Nothing but the pictures gets dropped; retype every entry exactly.

**SOURCE MATERIAL**
=== Section Start ===

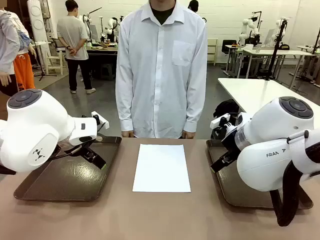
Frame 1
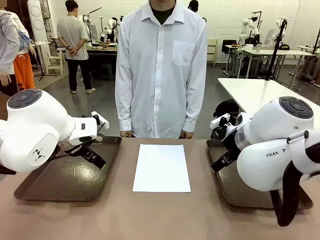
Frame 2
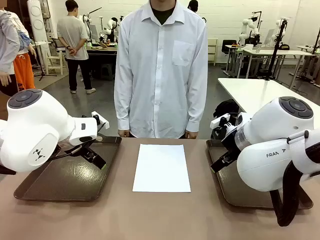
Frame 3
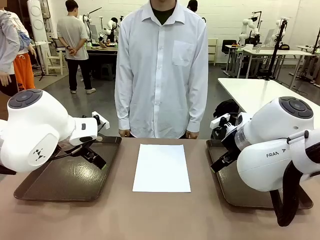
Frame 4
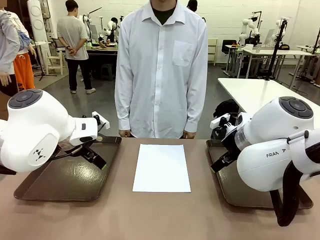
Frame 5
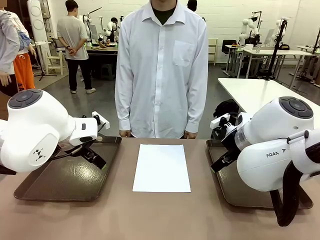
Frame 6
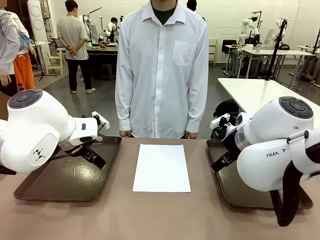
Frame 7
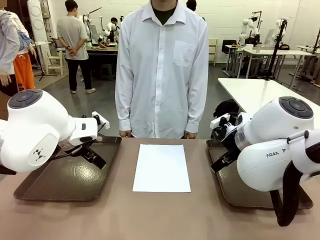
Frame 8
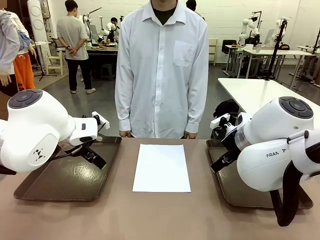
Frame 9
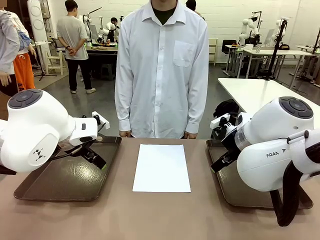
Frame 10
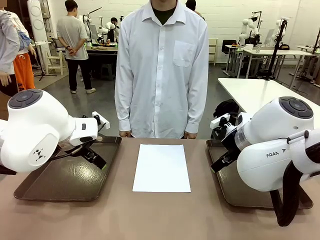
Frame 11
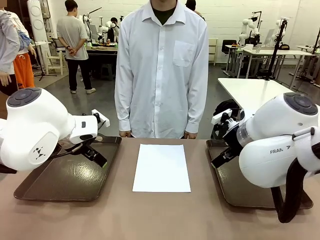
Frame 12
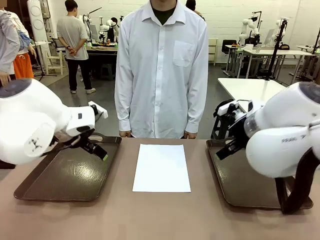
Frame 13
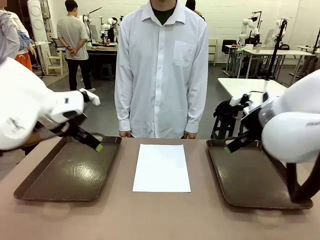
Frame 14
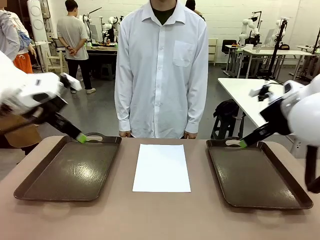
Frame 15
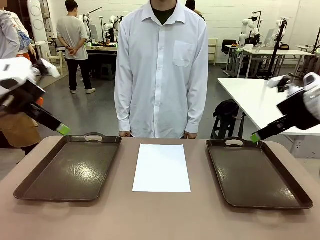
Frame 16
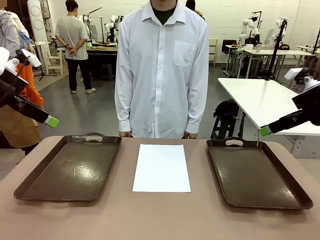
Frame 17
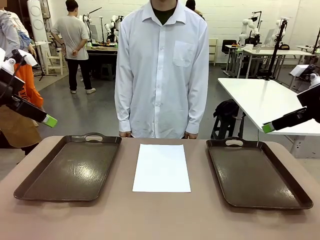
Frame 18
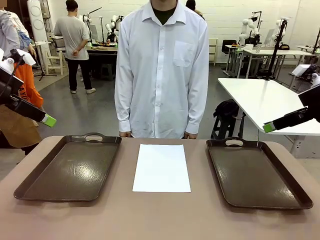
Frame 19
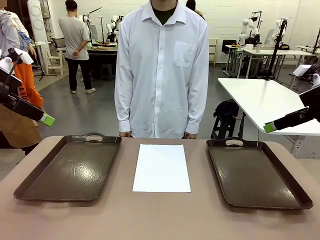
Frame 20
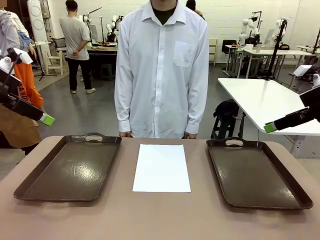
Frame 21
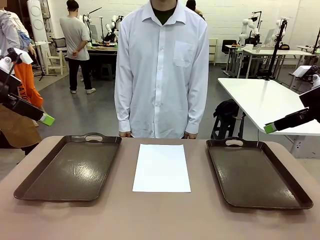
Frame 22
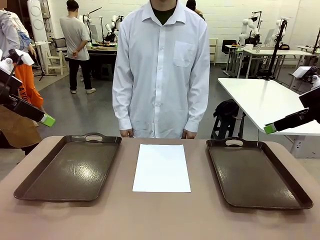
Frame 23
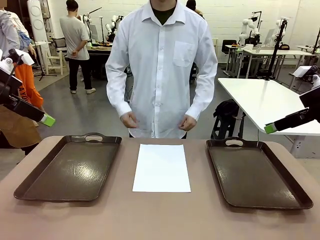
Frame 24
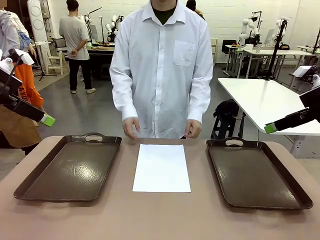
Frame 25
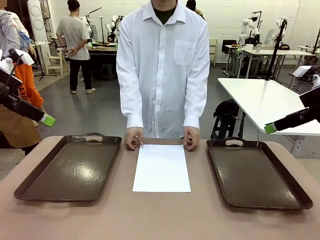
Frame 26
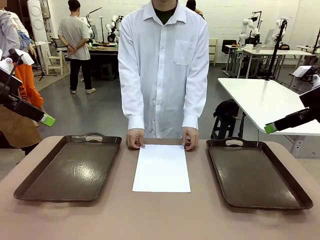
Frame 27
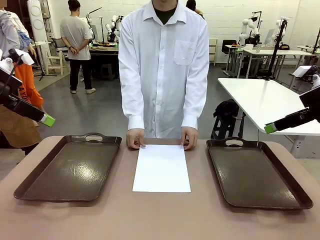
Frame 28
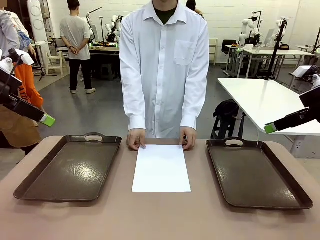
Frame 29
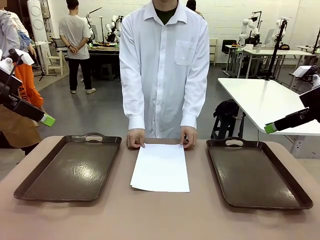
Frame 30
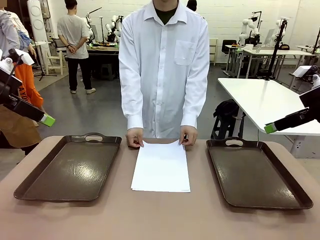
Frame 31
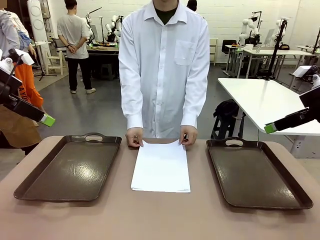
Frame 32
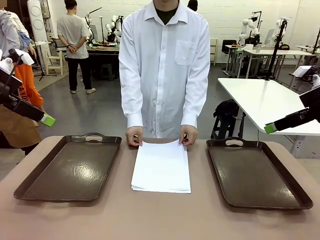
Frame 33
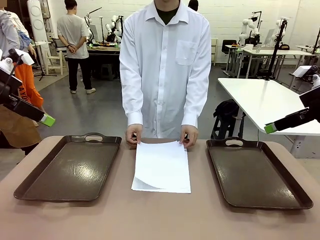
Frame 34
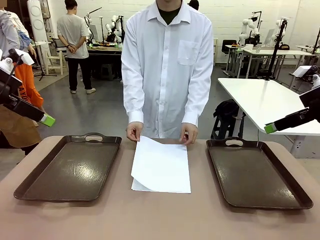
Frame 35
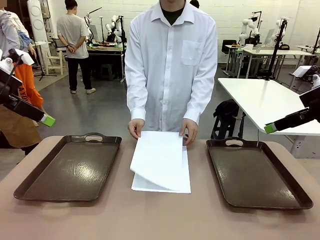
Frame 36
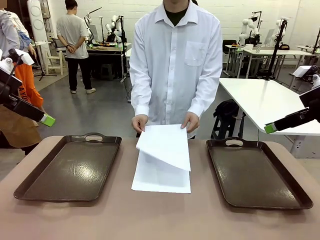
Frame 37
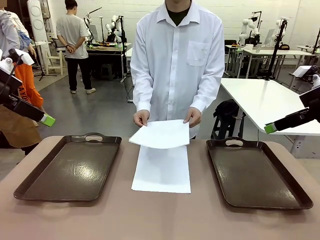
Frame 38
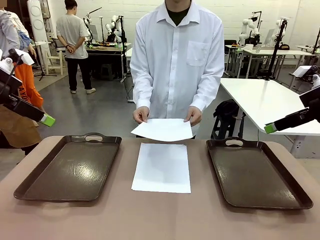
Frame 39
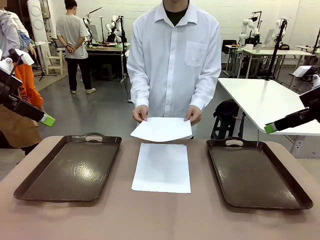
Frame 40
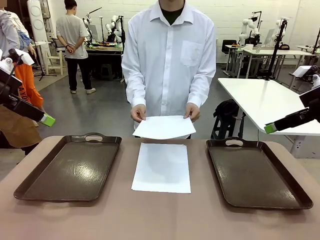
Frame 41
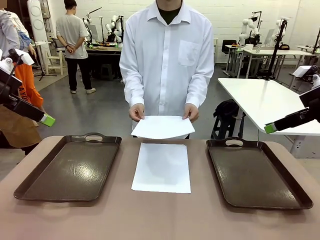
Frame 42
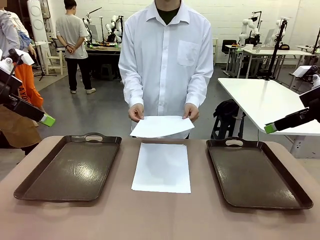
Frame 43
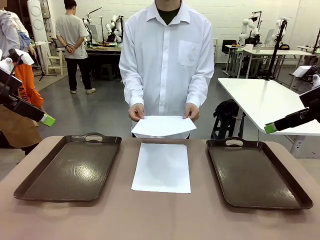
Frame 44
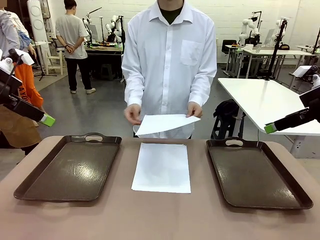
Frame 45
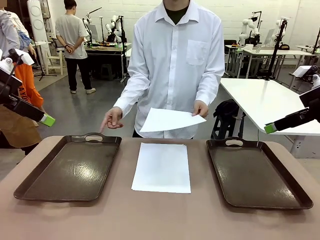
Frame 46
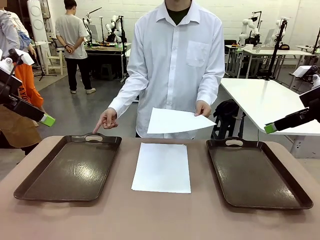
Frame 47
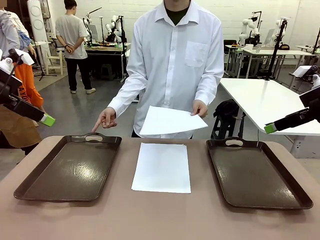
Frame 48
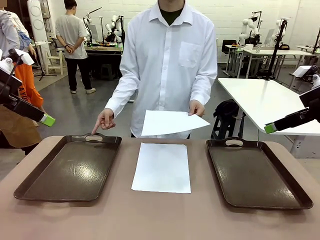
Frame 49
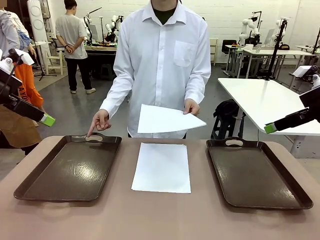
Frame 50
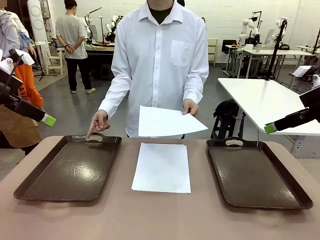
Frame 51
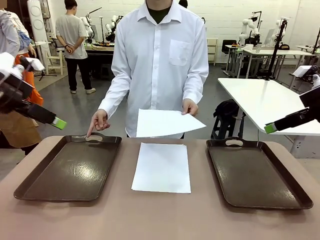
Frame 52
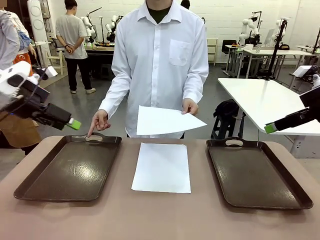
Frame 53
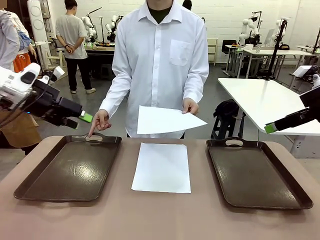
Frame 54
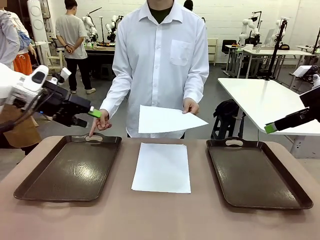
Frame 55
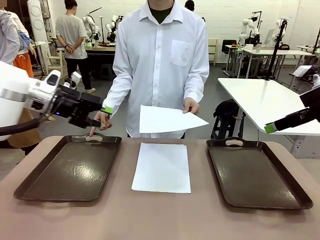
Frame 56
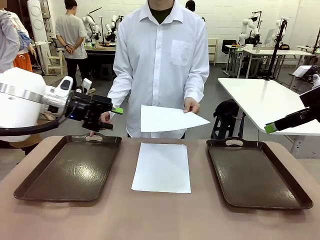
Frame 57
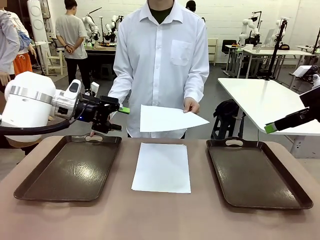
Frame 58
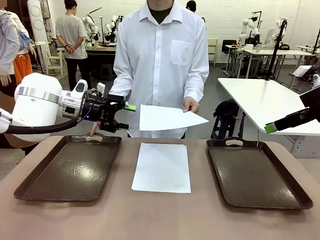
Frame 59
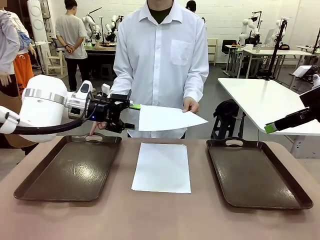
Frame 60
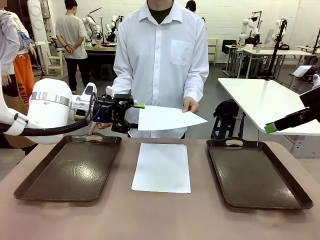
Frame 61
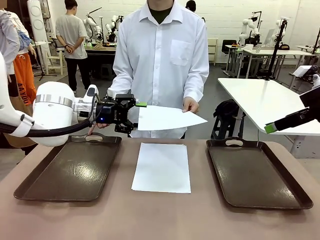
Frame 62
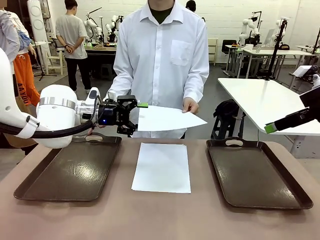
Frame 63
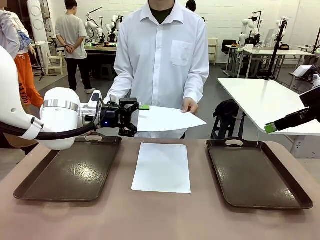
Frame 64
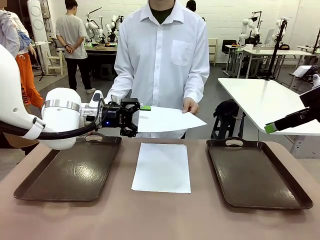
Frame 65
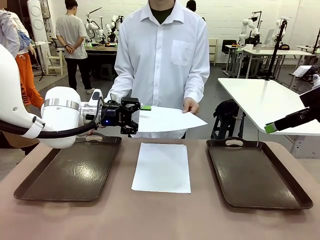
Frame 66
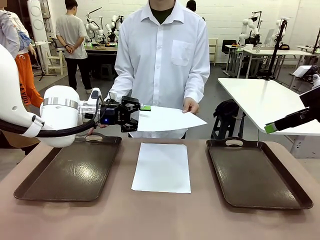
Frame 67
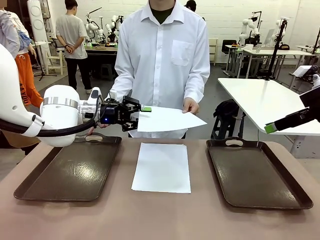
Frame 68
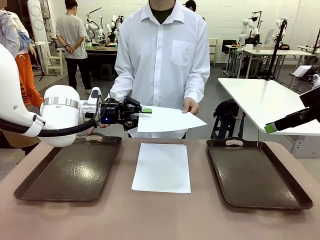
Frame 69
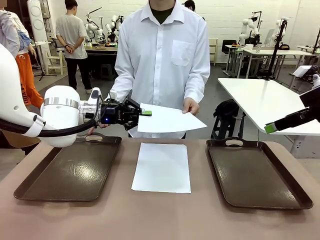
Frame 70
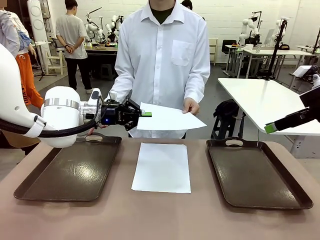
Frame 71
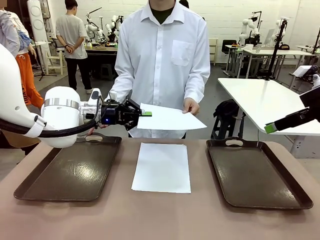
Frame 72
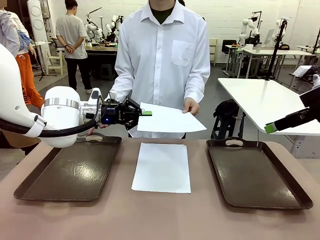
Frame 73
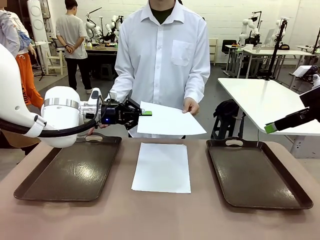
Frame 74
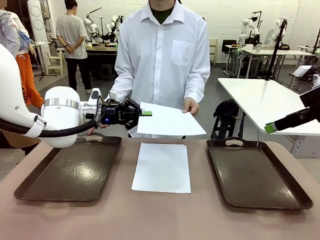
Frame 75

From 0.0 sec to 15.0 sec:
Task: Sort the A4 documents.
Robot: Receive the A4 Paper.
Person: Pick up a sheet of paper from the center of the table and hand it to the robot. Point the randomly selected tray with the other hand.

=== Section End ===

**ANSWER AREA**
Frame 1
Frame 2
Frame 3
Frame 4
Frame 5
Frame 6
Frame 7
Frame 8
Frame 9
Frame 10
Frame 11
Frame 12
Frame 13
Frame 14
Frame 15
Frame 16
Frame 17
Frame 18
Frame 19
Frame 20
Frame 21
Frame 22
Frame 23
Frame 24
Frame 25
Frame 26
Frame 27
Frame 28
Frame 29
Frame 30
Frame 31
Frame 32
Frame 33
Frame 34
Frame 35
Frame 36
Frame 37
Frame 38
Frame 39
Frame 40
Frame 41
Frame 42
Frame 43
Frame 44
Frame 45
Frame 46
Frame 47
Frame 48
Frame 49
Frame 50
Frame 51
Frame 52
Frame 53
Frame 54
Frame 55
Frame 56
Frame 57
Frame 58
Frame 59
Frame 60
Frame 61
Frame 62
Frame 63
Frame 64
Frame 65
Frame 66
Frame 67
Frame 68
Frame 69
Frame 70
Frame 71
Frame 72
Frame 73
Frame 74
Frame 75

From 0.0 sec to 15.0 sec:
Task: Sort the A4 documents.
Robot: Receive the A4 Paper.
Person: Pick up a sheet of paper from the center of the table and hand it to the robot. Point the randomly selected tray with the other hand.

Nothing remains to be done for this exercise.